Итак, подытожим. Нет мутаций нейтральных, как нет вредных и нет полезных. Все разговоры о них безотносительно к условиям внешней среды – пустое сотрясение воздуха.

Не будем забывать и о том, что дрейф генов объясняет обособление одного вида от другого, но не возникновение целесообразности, приспособления к внешним условиям. А это непростительно для эволюционной теории. В то же время генетико-автоматические процессы нельзя отвергать с порога. Они существуют, это несомненный факт, и так же несомненно играют какую-то роль в возникновении различий между популяциями. Особенно перспективны для эволюции те признаки, в формировании которых участвовали как отбор, так и дрейф.

Дело в том, что условия наибольшей эффективности отбора и дрейфа диаметрально противоположны. Отбор эффективен при большой численности популяции. Дарвин приводит ответ одного собаковода на вопрос, почему ему удается иметь прекрасных собак: «Я развожу многих и многих вешаю». Распространение мутантного аллеля какого-либо гена в большой популяции затруднено. Дрейф, напротив, эффективен в малых популяциях и может быстро повысить численность мутантного гена. Если численность популяции затем возрастет, отбор оценит результаты работы дрейфа, отбраковав все комбинации генов, менее приспособленные к условиям внешней среды. Случайный, ненаправленный дрейф и направленный отбор идут рука об руку, и популяция все более отклоняется от первоначальной.

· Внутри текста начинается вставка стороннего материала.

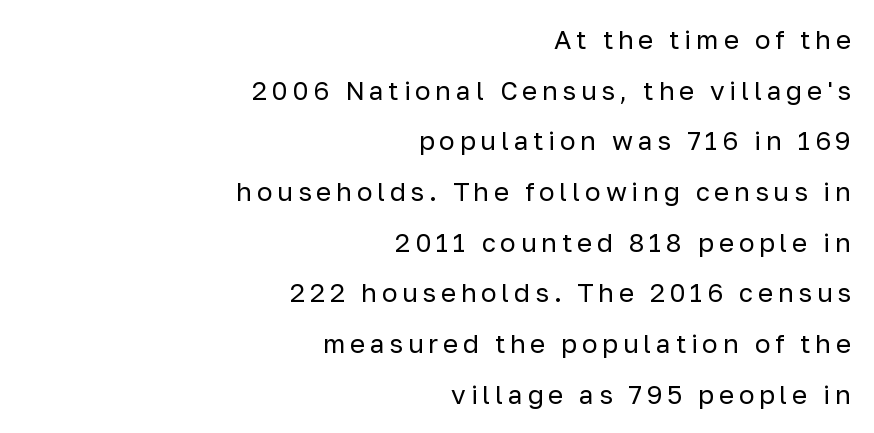
Q: Is the text bold? A: No.
Q: Is the text italic (slanted)? A: No, it is upright.
Q: Is the text underlined? A: No.
Q: How is the paragraph aligned? A: Right-aligned.
Q: Is the spacing between lines tight, normal or loose? A: Loose.
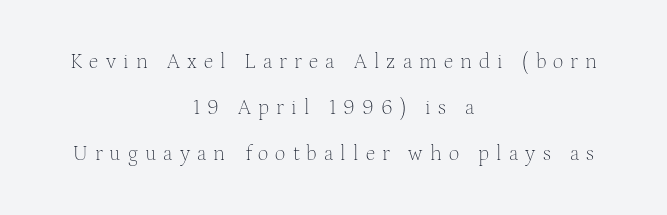
Q: Is the text bold? A: No.
Q: Is the text italic (slanted)? A: No, it is upright.
Q: Is the text underlined? A: No.
Q: How is the paragraph aligned? A: Centered.
Q: Is the spacing between letters normal or unusually wide? A: Unusually wide.
Q: Is the spacing between lines tight, normal or loose? A: Loose.
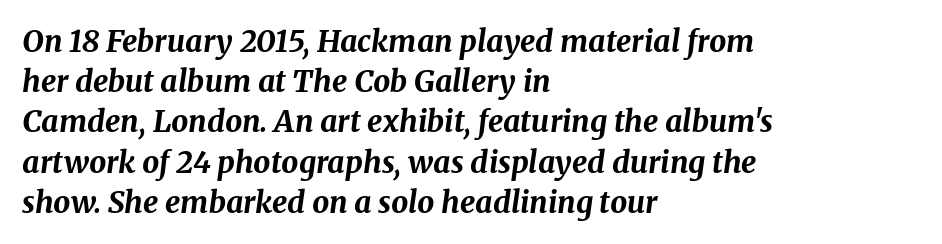
{"italic": "yes", "lean": "right", "slant_degrees": 8, "bold": "yes", "weight": "bold", "width": "normal", "stroke_contrast": "medium", "x_height": "medium", "monospaced": "no", "underline": "no", "align": "left", "line_spacing": "normal", "line_spacing_ratio": 1.34, "letter_spacing": "normal", "letter_spacing_em": 0.0, "glyph_px": 30}
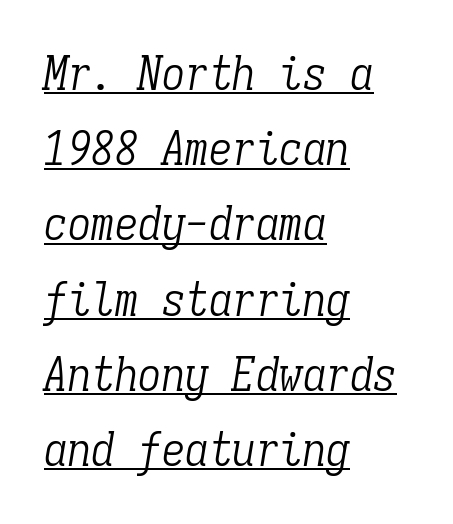
Q: Is the text bold? A: No.
Q: Is the text italic (slanted)? A: Yes, it leans right by about 9 degrees.
Q: Is the typeface a serif or a sans-serif typeface? A: Serif.
Q: Is the text underlined? A: Yes.
Q: How is the paragraph aligned? A: Left-aligned.
Q: Is the spacing between letters normal or unusually wide? A: Normal.
Q: Is the spacing between lines tight, normal or loose? A: Normal.
Q: Width (condensed, normal, or wide)? A: Condensed.
Q: Stroke contrast? A: Low.
Q: x-height? A: Medium.
Q: Monospaced? A: Yes.
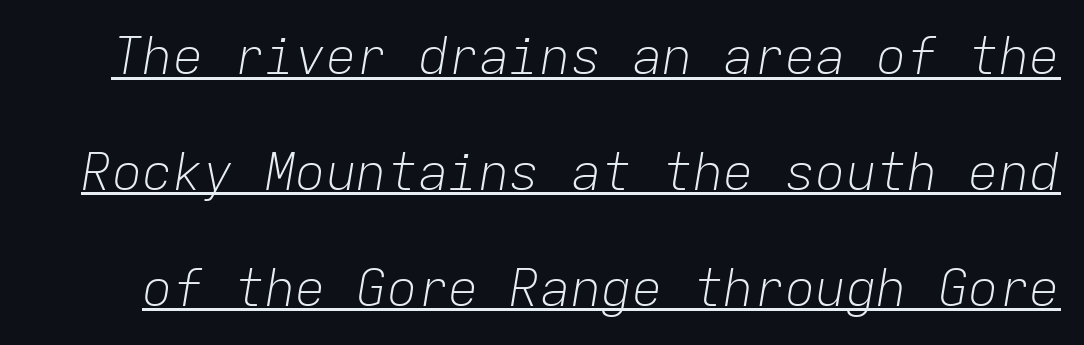
Underline: present. Is this a heavy cut? Hardly; it is regular or lighter. The passage shown stacks its lines with a broad gap. The rendering uses typewriter-style spacing with identical character cells. Observe the lean: these are italic letterforms.
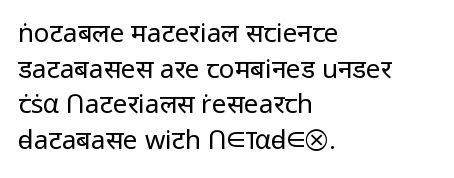
{"italic": "no", "bold": "no", "underline": "no", "align": "left", "line_spacing": "normal", "line_spacing_ratio": 1.37, "letter_spacing": "normal", "letter_spacing_em": 0.0, "glyph_px": 26}
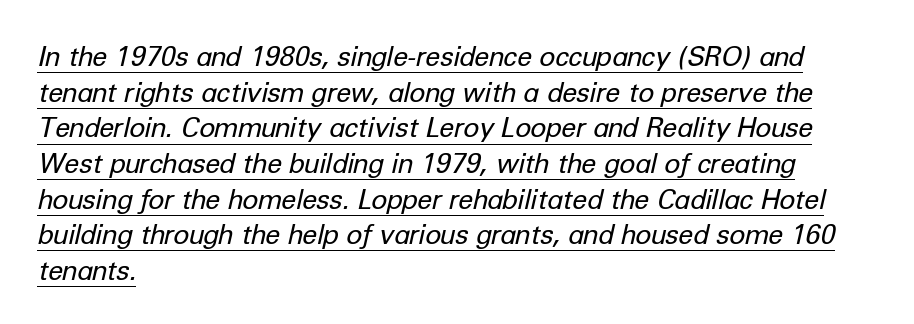
{"italic": "yes", "lean": "right", "slant_degrees": 12, "bold": "no", "underline": "yes", "align": "left", "line_spacing": "normal", "line_spacing_ratio": 1.32, "letter_spacing": "normal", "letter_spacing_em": 0.0, "glyph_px": 27}
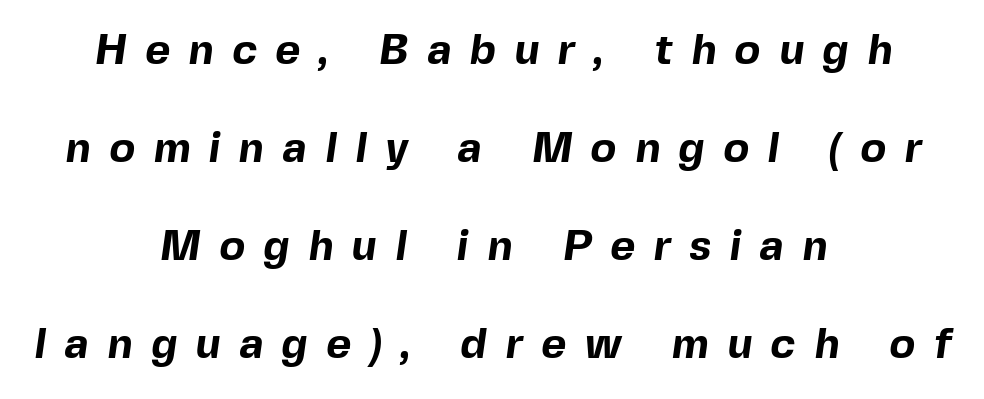
Q: Is the text bold? A: Yes.
Q: Is the typeface a serif or a sans-serif typeface? A: Sans-serif.
Q: Is the text underlined? A: No.
Q: How is the paragraph aligned? A: Centered.
Q: Is the spacing between letters normal or unusually wide? A: Unusually wide.
Q: Is the spacing between lines tight, normal or loose? A: Loose.
Q: Width (condensed, normal, or wide)? A: Normal.
Q: x-height? A: Medium.
Q: Monospaced? A: No.
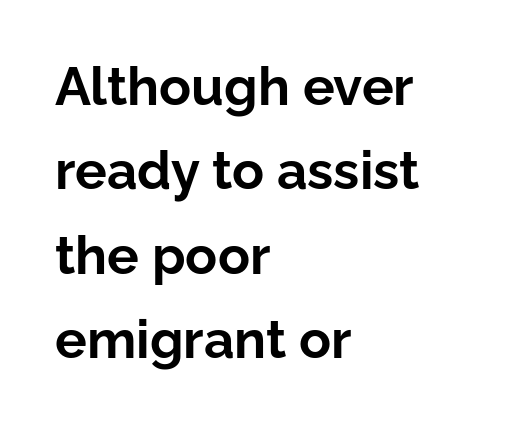
Q: Is the text bold? A: Yes.
Q: Is the text italic (slanted)? A: No, it is upright.
Q: Is the typeface a serif or a sans-serif typeface? A: Sans-serif.
Q: Is the text underlined? A: No.
Q: How is the paragraph aligned? A: Left-aligned.
Q: Is the spacing between letters normal or unusually wide? A: Normal.
Q: Is the spacing between lines tight, normal or loose? A: Normal.
Q: Width (condensed, normal, or wide)? A: Normal.
Q: Stroke contrast? A: Low.
Q: x-height? A: Medium.
Q: Monospaced? A: No.
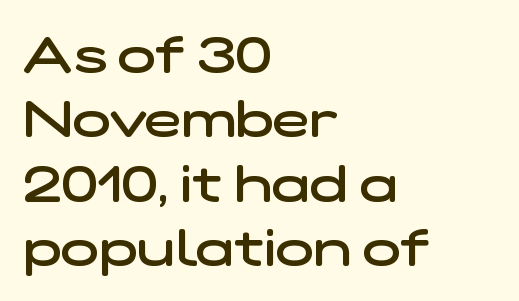
The image shows 50 px semibold, wide sans-serif type; set left-aligned, normal line spacing (1.29x), normal letter spacing, not underlined; low stroke contrast and a medium x-height.
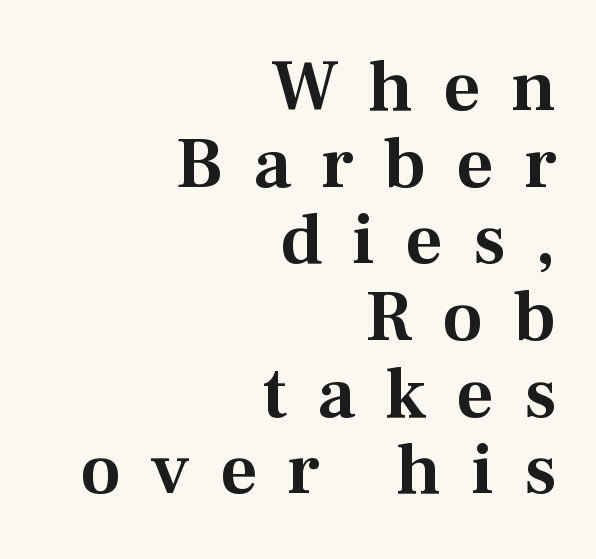
{"serif": "yes", "italic": "no", "width": "normal", "stroke_contrast": "medium", "x_height": "medium", "monospaced": "no", "underline": "no", "align": "right", "line_spacing": "tight", "line_spacing_ratio": 1.05, "letter_spacing": "wide", "letter_spacing_em": 0.41, "glyph_px": 73}
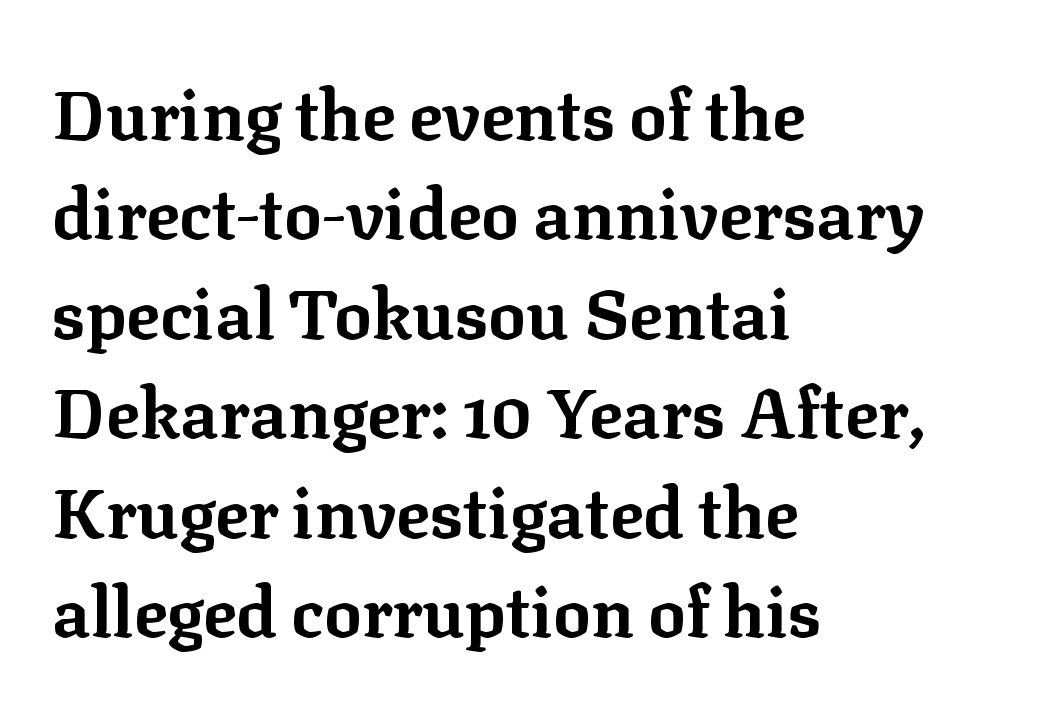
{"serif": "yes", "italic": "no", "bold": "yes", "weight": "bold", "width": "normal", "stroke_contrast": "low", "x_height": "medium", "monospaced": "no", "underline": "no", "align": "left", "line_spacing": "normal", "line_spacing_ratio": 1.42, "letter_spacing": "normal", "letter_spacing_em": 0.0, "glyph_px": 70}
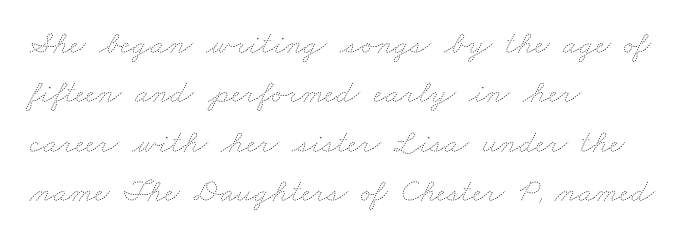
The image shows 33 px thin, wide type; set left-aligned, normal line spacing (1.5x), normal letter spacing, not underlined; low stroke contrast and a small x-height.
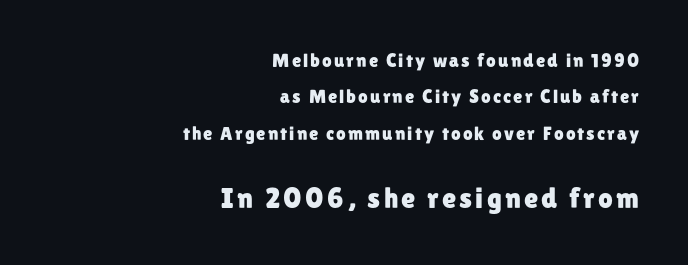
The image shows 29 px sans-serif type, upright; set right-aligned, loose line spacing (1.91x), not underlined; the second (bottom) block is 1.53x larger; low stroke contrast and a medium x-height.
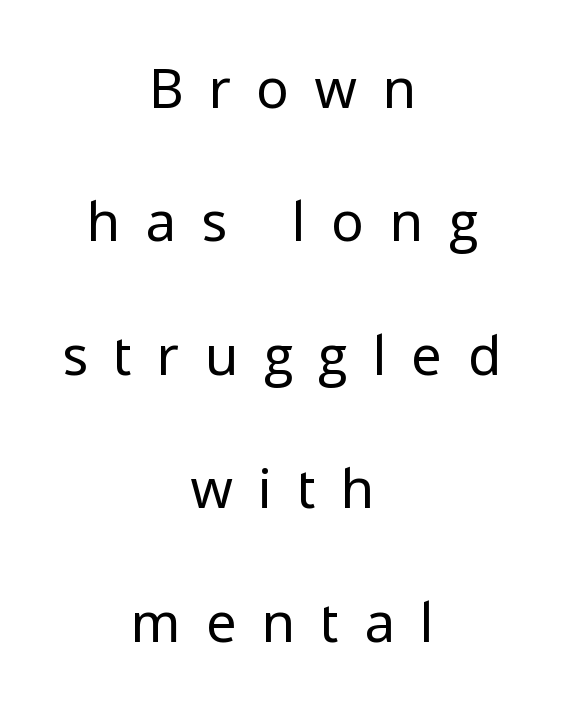
Q: Is the text bold? A: No.
Q: Is the text italic (slanted)? A: No, it is upright.
Q: Is the typeface a serif or a sans-serif typeface? A: Sans-serif.
Q: Is the text underlined? A: No.
Q: How is the paragraph aligned? A: Centered.
Q: Is the spacing between letters normal or unusually wide? A: Unusually wide.
Q: Is the spacing between lines tight, normal or loose? A: Loose.
Q: Width (condensed, normal, or wide)? A: Normal.
Q: Stroke contrast? A: Low.
Q: x-height? A: Medium.
Q: Monospaced? A: No.
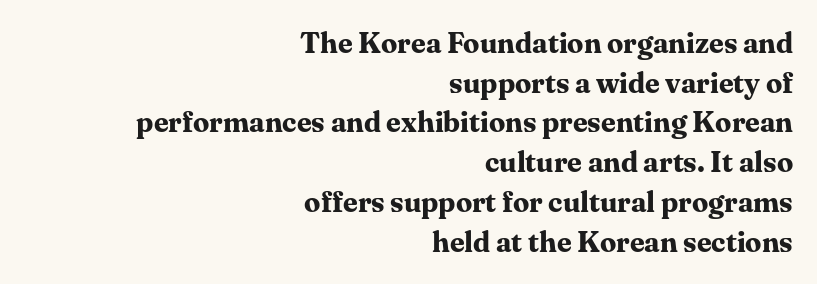
In terms of posture, this sample is upright. A typesetter would call this zero additional tracking. Honestly, the row spacing looks completely unremarkable. Each glyph is drawn with heavy, bold strokes. Has an underline been added? It has not. The text block is weighted toward the right margin, trailing off unevenly leftward.
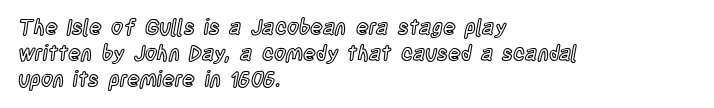
Underline: absent. This rendering uses left alignment, leaving the right contour irregular. In terms of letterspacing, this is plain default setting.
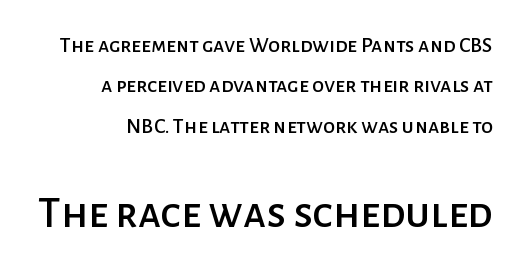
Q: Is the text italic (slanted)? A: No, it is upright.
Q: Is the typeface a serif or a sans-serif typeface? A: Sans-serif.
Q: Is the text underlined? A: No.
Q: Is the spacing between letters normal or unusually wide? A: Normal.
Q: Which block of text is set in a larger size, the first (top) or the second (bottom)? A: The second (bottom) one.
Q: Width (condensed, normal, or wide)? A: Normal.
Q: Stroke contrast? A: Low.
Q: x-height? A: Medium.
Q: Monospaced? A: No.

Поэтому, если мнение о первостепенной роли дрейфа в эволюции и оказалось сильно преувеличенным, то исследования, в которых учитывалось действие как селективных процессов (отбора), так и генетико-автоматических, вошли в золотой фонд эволюционной теории. О некоторых из них мы поговорим в следующих разделах.

Второй закон Вавилова

В 1924 году творец закона гомологической изменчивости Н. И. Вавилов во главе крохотной экспедиции, состоявшей, кроме него, всего из двух человек – Д. Д. Букинича и В. Н. Лебедева, изучал культурные растения Афганистана. Сотни и тысячи образцов пополняли коллекции; одно открытие следовало за другим.

Вот пшеничные поля, засоренные рожью. Рожь здесь сорняк, встречаются и формы совершенно дикие, с осыпающимися колосьями. Рожь-дикарь распространяется самосевом. Но уже в Афганистане возникли формы, сохраняющие зерно в колосе до обмолота. Эти-то зерна вместе с мягкой пшеницей и распространялись людьми все далее и далее к северу. Где-то в районе Украины и Северного Кавказа земледельцы были уже вынуждены сеять смесь из зерен озимой пшеницы и ржи – суржу. В холодные зимы пшеница вымерзала и только рожь – бывший сорняк – спасала от голода. А еще дальше, на полях средней полосы России, рожь стала основным зерновым; здесь и возникла пословица: «Ржаной хлебушко – калачу дедушка».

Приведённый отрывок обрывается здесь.